__The task__.
State only how many lines below include the string "LaTeX".

__Record extracts__.
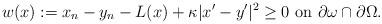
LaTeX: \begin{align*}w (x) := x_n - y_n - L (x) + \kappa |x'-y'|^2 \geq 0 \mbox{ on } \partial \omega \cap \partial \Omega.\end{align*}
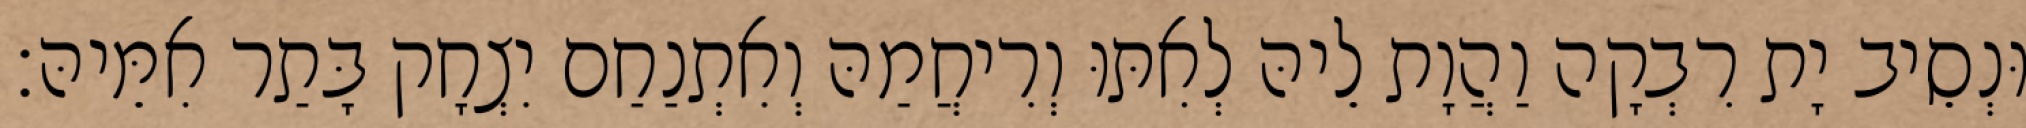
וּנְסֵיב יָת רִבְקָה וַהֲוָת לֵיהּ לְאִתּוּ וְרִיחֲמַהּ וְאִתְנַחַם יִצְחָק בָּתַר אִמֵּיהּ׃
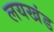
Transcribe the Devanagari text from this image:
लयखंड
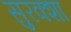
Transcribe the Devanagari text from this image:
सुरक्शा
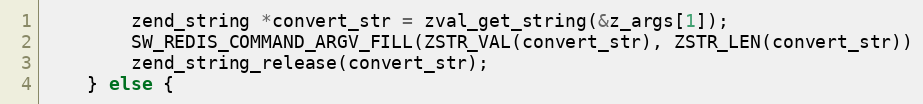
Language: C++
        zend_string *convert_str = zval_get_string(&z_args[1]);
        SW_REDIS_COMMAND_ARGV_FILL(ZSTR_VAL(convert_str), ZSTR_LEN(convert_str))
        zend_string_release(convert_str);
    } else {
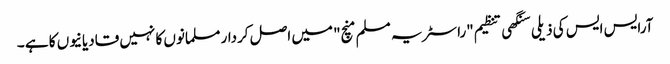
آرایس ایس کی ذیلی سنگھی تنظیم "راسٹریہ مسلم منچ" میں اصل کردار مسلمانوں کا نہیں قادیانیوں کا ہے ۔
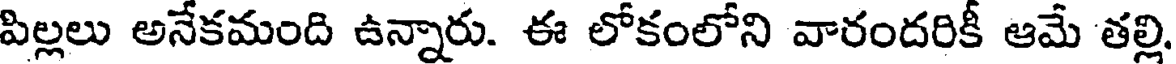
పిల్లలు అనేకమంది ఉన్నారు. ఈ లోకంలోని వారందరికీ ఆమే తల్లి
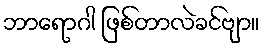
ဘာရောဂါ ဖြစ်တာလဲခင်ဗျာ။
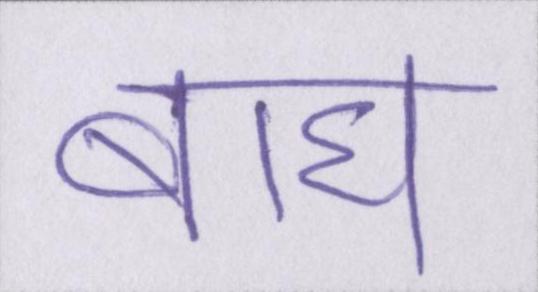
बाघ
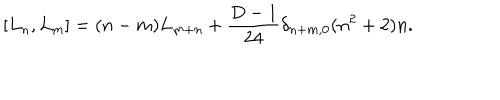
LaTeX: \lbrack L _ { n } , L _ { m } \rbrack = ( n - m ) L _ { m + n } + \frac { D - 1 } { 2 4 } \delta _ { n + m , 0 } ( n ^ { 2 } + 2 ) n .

__Result of this task__.
2